In some scenarios, it may also make sense to buy a property for rental purposes, even in a high-interest environment. Depending on rental rates in your area, among other factors, the income generated from your rental could offset a portion, if not all, of your mortgage expenses. You might even be able to leverage the tax benefits of owning a rental property.

Is it a good idea to refinance today?

Refinancing a mortgage means you're replacing your existing home loan with a new one, ideally with a lower interest rate. With rates around double what they were in 2020, refinancing may not be the best option for anyone who took out their existing mortgage before the Fed began its aggressive rate hike schedule.
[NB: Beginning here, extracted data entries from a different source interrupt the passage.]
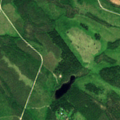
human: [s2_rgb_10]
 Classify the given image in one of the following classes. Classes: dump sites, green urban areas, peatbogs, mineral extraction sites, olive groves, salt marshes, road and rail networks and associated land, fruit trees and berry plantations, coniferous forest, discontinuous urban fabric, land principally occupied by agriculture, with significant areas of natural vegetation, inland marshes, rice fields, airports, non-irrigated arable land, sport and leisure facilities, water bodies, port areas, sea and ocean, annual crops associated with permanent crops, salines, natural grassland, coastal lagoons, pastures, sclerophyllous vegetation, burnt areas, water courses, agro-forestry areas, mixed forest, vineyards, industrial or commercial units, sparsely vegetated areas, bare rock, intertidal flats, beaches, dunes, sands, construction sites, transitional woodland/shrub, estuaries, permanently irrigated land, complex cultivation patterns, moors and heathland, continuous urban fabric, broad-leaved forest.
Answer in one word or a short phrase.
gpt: coniferous forest, mixed forest, transitional woodland/shrub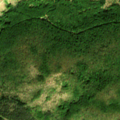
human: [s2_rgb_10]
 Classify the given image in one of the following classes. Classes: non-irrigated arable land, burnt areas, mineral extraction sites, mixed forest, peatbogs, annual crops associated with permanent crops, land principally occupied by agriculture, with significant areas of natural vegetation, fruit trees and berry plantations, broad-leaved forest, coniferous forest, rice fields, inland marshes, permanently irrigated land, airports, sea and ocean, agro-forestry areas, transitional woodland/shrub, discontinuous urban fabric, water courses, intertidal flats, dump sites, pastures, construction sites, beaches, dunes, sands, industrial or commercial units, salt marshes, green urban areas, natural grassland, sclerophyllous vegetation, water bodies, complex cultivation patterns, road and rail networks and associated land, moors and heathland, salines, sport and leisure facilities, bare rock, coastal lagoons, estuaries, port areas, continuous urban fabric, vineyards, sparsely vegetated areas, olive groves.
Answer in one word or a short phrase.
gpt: broad-leaved forest, coniferous forest, natural grassland, transitional woodland/shrub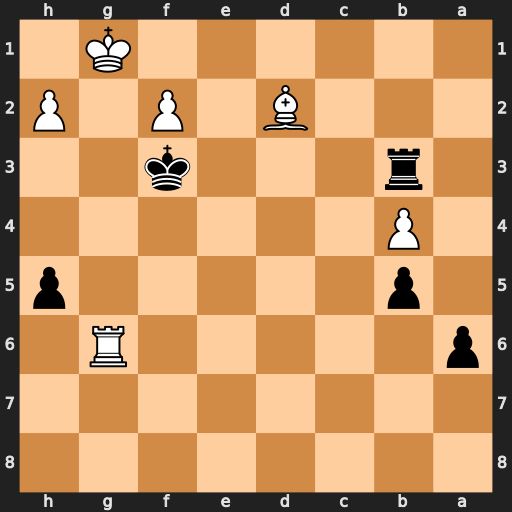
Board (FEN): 8/8/p5R1/1p5p/1P6/1r3k2/3B1P1P/6K1
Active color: b
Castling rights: -
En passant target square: -
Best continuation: Rb1+ Be1 Rxe1#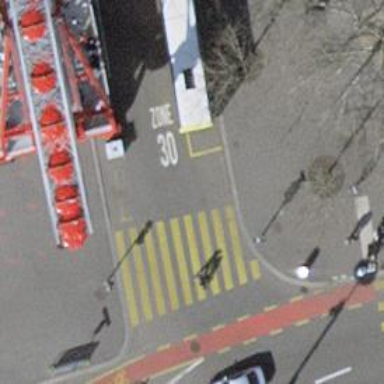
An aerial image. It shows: Kerb serving as barrier.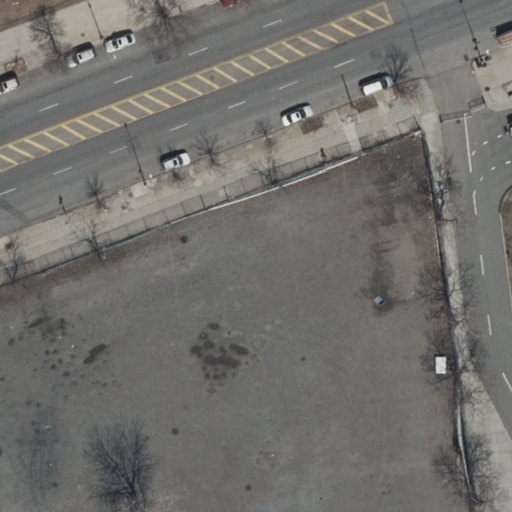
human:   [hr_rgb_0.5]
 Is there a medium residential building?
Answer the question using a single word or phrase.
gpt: no

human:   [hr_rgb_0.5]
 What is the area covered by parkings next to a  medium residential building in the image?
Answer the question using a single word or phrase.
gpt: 0m2

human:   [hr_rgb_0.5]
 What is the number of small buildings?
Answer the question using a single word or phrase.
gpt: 0

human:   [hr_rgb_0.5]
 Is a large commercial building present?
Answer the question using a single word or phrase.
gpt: no

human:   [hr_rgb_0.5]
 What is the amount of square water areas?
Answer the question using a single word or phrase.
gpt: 0

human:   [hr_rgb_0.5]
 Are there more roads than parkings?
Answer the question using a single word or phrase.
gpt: yes

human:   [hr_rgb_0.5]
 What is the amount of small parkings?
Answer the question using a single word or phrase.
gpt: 0

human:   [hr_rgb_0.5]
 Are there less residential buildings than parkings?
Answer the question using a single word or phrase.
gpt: yes

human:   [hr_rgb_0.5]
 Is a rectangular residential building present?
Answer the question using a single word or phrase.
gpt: no

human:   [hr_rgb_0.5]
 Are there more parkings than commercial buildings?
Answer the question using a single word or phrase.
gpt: yes

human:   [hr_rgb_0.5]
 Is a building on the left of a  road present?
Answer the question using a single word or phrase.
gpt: yes

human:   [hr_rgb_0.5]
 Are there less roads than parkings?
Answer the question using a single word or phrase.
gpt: no

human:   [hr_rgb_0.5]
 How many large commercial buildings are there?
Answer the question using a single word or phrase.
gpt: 0

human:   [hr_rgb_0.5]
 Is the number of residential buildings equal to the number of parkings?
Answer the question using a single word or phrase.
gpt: no

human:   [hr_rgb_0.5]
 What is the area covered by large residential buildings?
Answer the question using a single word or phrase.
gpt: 0m2

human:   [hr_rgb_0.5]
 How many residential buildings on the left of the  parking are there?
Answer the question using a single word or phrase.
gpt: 0

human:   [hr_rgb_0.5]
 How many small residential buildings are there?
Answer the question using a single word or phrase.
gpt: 0

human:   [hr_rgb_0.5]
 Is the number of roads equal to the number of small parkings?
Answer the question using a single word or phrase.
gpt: no

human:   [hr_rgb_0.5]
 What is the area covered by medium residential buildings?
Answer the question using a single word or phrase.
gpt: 0m2

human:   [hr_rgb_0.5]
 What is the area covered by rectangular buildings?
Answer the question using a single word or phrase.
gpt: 176m2

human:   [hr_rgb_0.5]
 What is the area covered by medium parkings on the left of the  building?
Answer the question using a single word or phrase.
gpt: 0m2

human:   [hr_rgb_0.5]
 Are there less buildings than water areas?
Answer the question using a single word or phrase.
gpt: no

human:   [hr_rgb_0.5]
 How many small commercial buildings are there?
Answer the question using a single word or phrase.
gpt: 0

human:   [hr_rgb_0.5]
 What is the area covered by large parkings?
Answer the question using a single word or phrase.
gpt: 0m2

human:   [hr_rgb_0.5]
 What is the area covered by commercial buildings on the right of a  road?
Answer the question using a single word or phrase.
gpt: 0m2

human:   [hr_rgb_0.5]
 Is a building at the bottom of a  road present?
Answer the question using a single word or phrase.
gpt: yes

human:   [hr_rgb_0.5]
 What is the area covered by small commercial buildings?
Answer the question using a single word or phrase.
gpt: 0m2

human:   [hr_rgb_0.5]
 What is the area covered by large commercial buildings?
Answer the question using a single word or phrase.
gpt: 0m2

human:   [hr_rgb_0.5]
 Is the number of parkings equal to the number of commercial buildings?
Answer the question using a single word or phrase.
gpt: no

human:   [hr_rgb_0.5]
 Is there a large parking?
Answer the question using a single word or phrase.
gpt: no

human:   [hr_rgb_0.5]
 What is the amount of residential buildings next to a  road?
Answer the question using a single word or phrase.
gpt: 0

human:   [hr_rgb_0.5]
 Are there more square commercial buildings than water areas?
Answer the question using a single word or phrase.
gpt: no

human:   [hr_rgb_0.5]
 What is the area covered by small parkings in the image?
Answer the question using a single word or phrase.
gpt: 0m2

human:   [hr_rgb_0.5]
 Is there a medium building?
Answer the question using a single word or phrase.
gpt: yes

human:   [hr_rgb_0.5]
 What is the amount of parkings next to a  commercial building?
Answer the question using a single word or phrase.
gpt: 0

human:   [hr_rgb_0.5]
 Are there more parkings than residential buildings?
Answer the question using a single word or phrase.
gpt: yes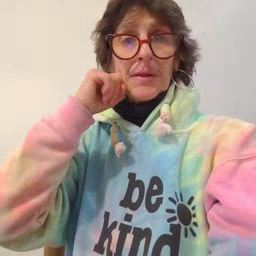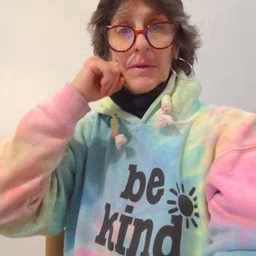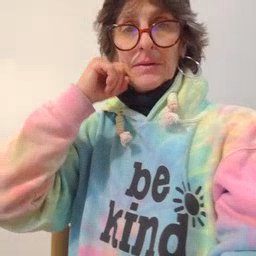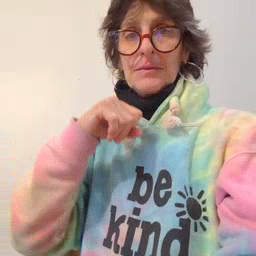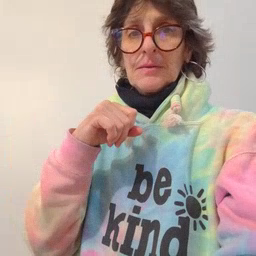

"For borrowers who refinanced during the historically low rates from 2020 to 2022, it might not make sense to refinance in the current rate environment," says Idziak. "However, borrowers that can take advantage of the increase in home values over the last few years may still find it advantageous to refinance in order to tap equity in the home or to remove private mortgage insurance."

There are other scenarios in which refinancing might prove beneficial, such as:

  • If you want to pay off your mortgage sooner. Refinancing your home loan from a 30-year to a 15-year term could potentially result in significant overall cost savings, despite higher interest rates. Shorter loan terms tend to have lower interest rates than mortgages with longer terms.
  • If you have an adjustable-rate mortgage (ARM). Homeowners with adjustable rate mortgages (ARMs) who face the potential of fluctuating monthly payments might consider transitioning to the stability of a fixed-rate mortgage.
  • If you want a lower interest rate. Some homeowners may still have higher interest rates on their existing mortgages than lenders currently offer. For example, they may have secured their mortgage when rates were high in the past, or perhaps a lower credit score at the time of their loan application resulted in a high-interest mortgage.

Explore your mortgage refinancing options here to see if it makes sense to act now.

The bottom line

Watching interest rate trends can help homebuyers and homeowners better understand the market so they don't make decisions blindly. But attempting to time the market isn't always the best strategy for any type of investing, including real estate. Base your choice on your budget and goals and before you make a decision, do your due diligence and run the numbers to determine how much you'll pay and what you could save.